Hamber is about the only deathfat I follow and even that has waned greatly since her channel went to shit. It used to be amusing. I know a little about some of the others mentioned from a casual look at who they are, but have no involvement in their threads because ain't nobody got time for dat. If it makes a feature mention by Null for some reason, I take a look. But as somebody sort of mentioned, each BP and Deathfat thread is its own rabbit hole of sorts. Just checking in from time-to-time and you know what? Some of the threads never change. I can be absent for a month and go into Pamela Swaim's or the Melinda's Hillbilly Jew thread and it's like I didn't miss a day. Same posters, same topics, same reactions, just basically Same Shit Different Day (SSDD).

Do I care? Not really. To each their own and that's what makes the Farms what it is. If one topic doesn't tickle my pickle, there are plenty of others that do. I've never been on Reddit or Twatter, did have Facefuck for awhile but left that years ago, so I really don't have any basis for how fucked up most of those users are, other than quips and insane/stupid shit I see posted/quoted here.

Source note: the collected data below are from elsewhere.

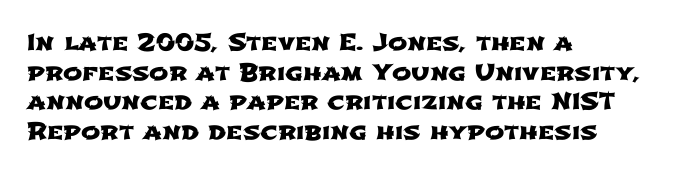
Q: Is the text underlined? A: No.
Q: How is the paragraph aligned? A: Left-aligned.
Q: Is the spacing between letters normal or unusually wide? A: Normal.
Q: Is the spacing between lines tight, normal or loose? A: Normal.
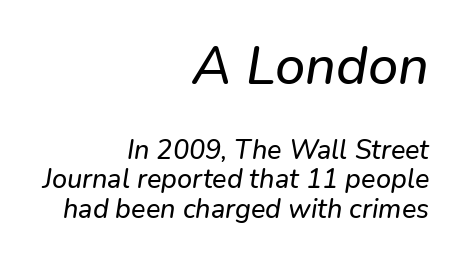
This block would grow much taller if given ordinary leading; it's compressed now. The face used here has a pronounced slope to its letters. Look at the glyph heights: the upper group is clearly the bigger setting. The paragraph has a hard right edge and a soft left edge. The specimen omits any rule beneath the text block's lines.
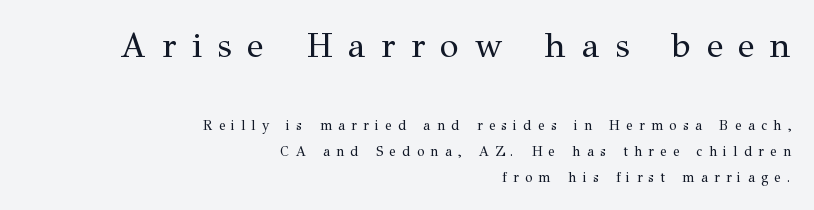
{"serif": "yes", "italic": "no", "bold": "no", "weight": "regular", "width": "normal", "stroke_contrast": "medium", "x_height": "medium", "monospaced": "no", "underline": "no", "align": "right", "line_spacing_ratio": 1.86, "letter_spacing": "wide", "letter_spacing_em": 0.44, "larger_block": "first", "size_ratio": 2.5, "glyph_px": 35}
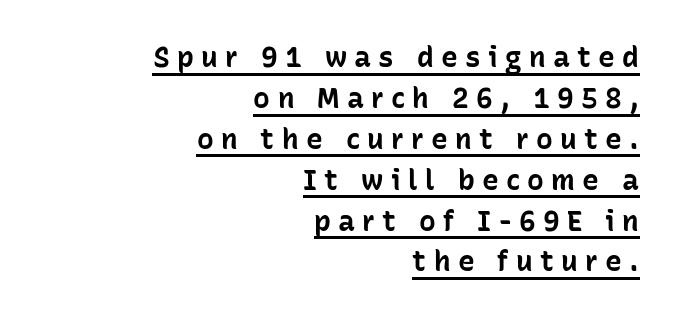
Q: Is the text bold? A: Yes.
Q: Is the text italic (slanted)? A: No, it is upright.
Q: Is the typeface a serif or a sans-serif typeface? A: Sans-serif.
Q: Is the text underlined? A: Yes.
Q: How is the paragraph aligned? A: Right-aligned.
Q: Is the spacing between letters normal or unusually wide? A: Unusually wide.
Q: Is the spacing between lines tight, normal or loose? A: Normal.
Q: Width (condensed, normal, or wide)? A: Normal.
Q: Stroke contrast? A: Low.
Q: x-height? A: Medium.
Q: Monospaced? A: No.
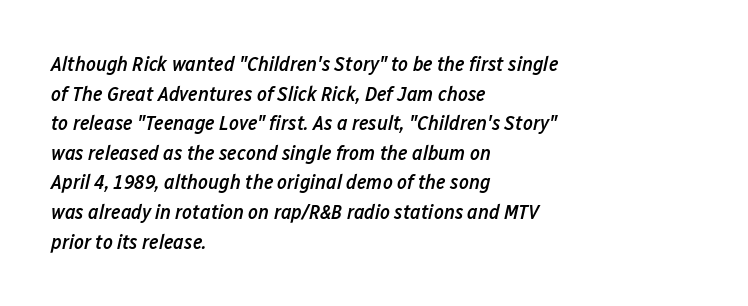
Q: Is the text bold? A: Semi-bold.
Q: Is the text italic (slanted)? A: Yes, it leans right by about 12 degrees.
Q: Is the text underlined? A: No.
Q: How is the paragraph aligned? A: Left-aligned.
Q: Is the spacing between letters normal or unusually wide? A: Normal.
Q: Is the spacing between lines tight, normal or loose? A: Normal.
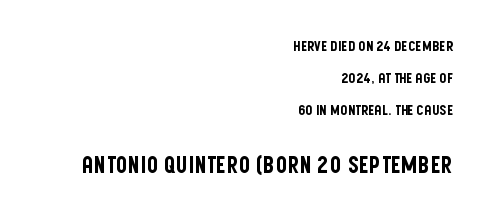
The image shows 23 px text type, upright; set right-aligned, loose line spacing (2.29x), normal letter spacing, not underlined; the second (bottom) block is 1.64x larger.
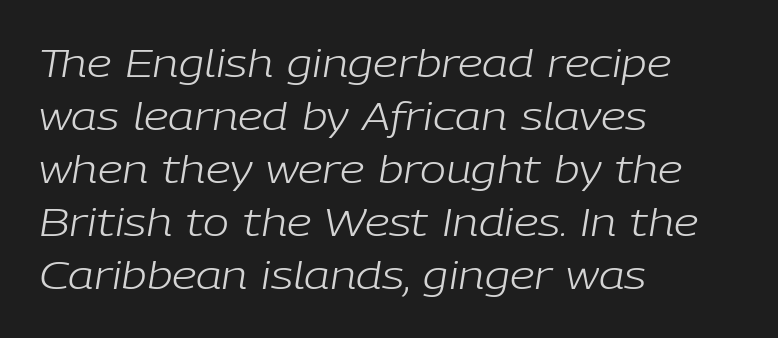
{"italic": "yes", "lean": "right", "slant_degrees": 9, "bold": "no", "weight": "light", "width": "normal", "stroke_contrast": "low", "x_height": "medium", "monospaced": "no", "underline": "no", "align": "left", "line_spacing": "normal", "line_spacing_ratio": 1.36, "letter_spacing": "normal", "letter_spacing_em": 0.0, "glyph_px": 39}
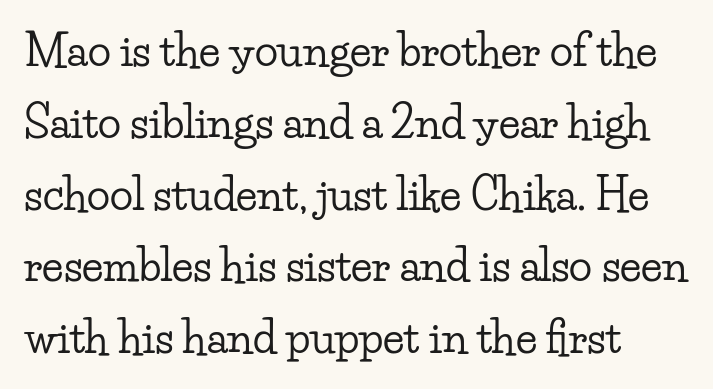
Q: Is the text italic (slanted)? A: No, it is upright.
Q: Is the typeface a serif or a sans-serif typeface? A: Serif.
Q: Is the text underlined? A: No.
Q: How is the paragraph aligned? A: Left-aligned.
Q: Is the spacing between letters normal or unusually wide? A: Normal.
Q: Is the spacing between lines tight, normal or loose? A: Normal.
Q: Width (condensed, normal, or wide)? A: Wide.
Q: Stroke contrast? A: Low.
Q: x-height? A: Small.
Q: Monospaced? A: No.
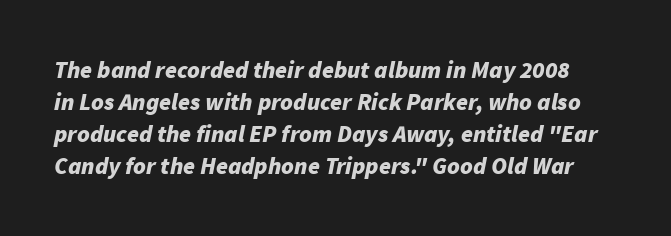
Q: Is the text bold? A: Yes.
Q: Is the text italic (slanted)? A: Yes, it leans right by about 11 degrees.
Q: Is the text underlined? A: No.
Q: Is the spacing between letters normal or unusually wide? A: Normal.
Q: Is the spacing between lines tight, normal or loose? A: Normal.
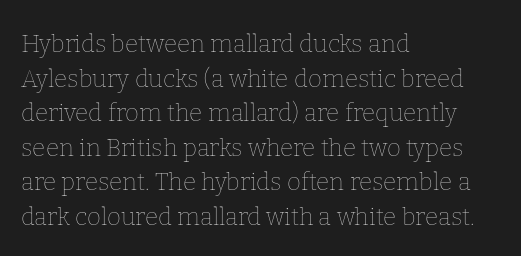
{"italic": "no", "bold": "no", "underline": "no", "align": "left", "line_spacing": "normal", "line_spacing_ratio": 1.44, "letter_spacing": "normal", "letter_spacing_em": 0.0, "glyph_px": 24}
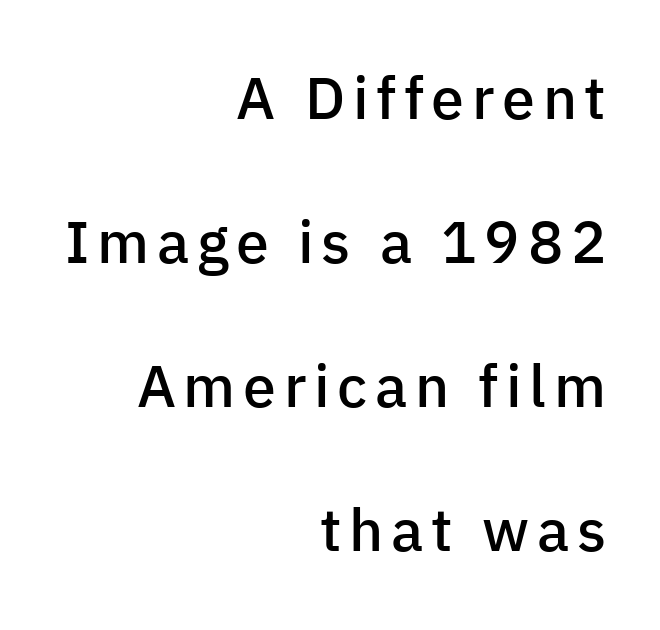
{"serif": "no", "italic": "no", "bold": "semi", "weight": "semibold", "width": "normal", "stroke_contrast": "low", "x_height": "medium", "monospaced": "no", "underline": "no", "align": "right", "line_spacing": "loose", "line_spacing_ratio": 2.44, "glyph_px": 59}

As a whole, I disagree with the OPs assessment that the Farms is really no better than Reddit or such. There's much more introspection here and if a user gets to powerleveling or self ass patting themselves too much, it's not uncommon to see them get bitch slapped (verbally or with stickers) by other Farmers calling a spade a spade.


----------



## hateful entity (Dec 29, 2021)

COPE HARDER GORLS


----------



## Owlflaps (Dec 29, 2021)

Slappy McGherkin said:


> Hamber is about the only deathfat I follow and even that has waned greatly since her channel went to shit. It used to be amusing. I know a little about some of the others mentioned from a casual look at who they are, but have no involvement in their threads because ain't nobody got time for dat. If it makes a feature mention by Null for some reason, I take a look. But as somebody sort of mentioned, each BP and Deathfat thread is its own rabbit hole of sorts. Just checking in from time-to-time and you know what? Some of the threads never change. I can be absent for a month and go into Pamela Swaim's or the Melinda's Hillbilly Jew thread and it's like I didn't miss a day. Same posters, same topics, same reactions, just basically Same Shit Different Day (SSDD).
> 
> Do I care? Not really. To each their own and that's what makes the Farms what it is. If one topic doesn't tickle my pickle, there are plenty of others that do. I've never been on Reddit or Twatter, did have Facefuck for awhile but left that years ago, so I really don't have any basis for how fucked up most of those users are, other than quips and insane/stupid shit I see posted/quoted here.
> 
> As a whole, I disagree with the OPs assessment that the Farms is really no better than Reddit or such. There's much more introspection here and if a user gets to powerleveling or self ass patting themselves too much, it's not uncommon to see them get bitch slapped (verbally or with stickers) by other Farmers calling a spade a spade.



Would you say it's "pot calling the kettle black" situation?

I hate writing long posts, imho. They're interesting to read if the poster is smart, but I start to get thread fatigue when I have to read text walls. There's so many iterations posts stating "OmG shE's FaT! Lemme sperg all the ways" before I mentally check out. Like yeah, I get it. It's one of the reasons I can't read the Chantal thread; it moves so fast and yet there's scads of text that I can't be bothered to read.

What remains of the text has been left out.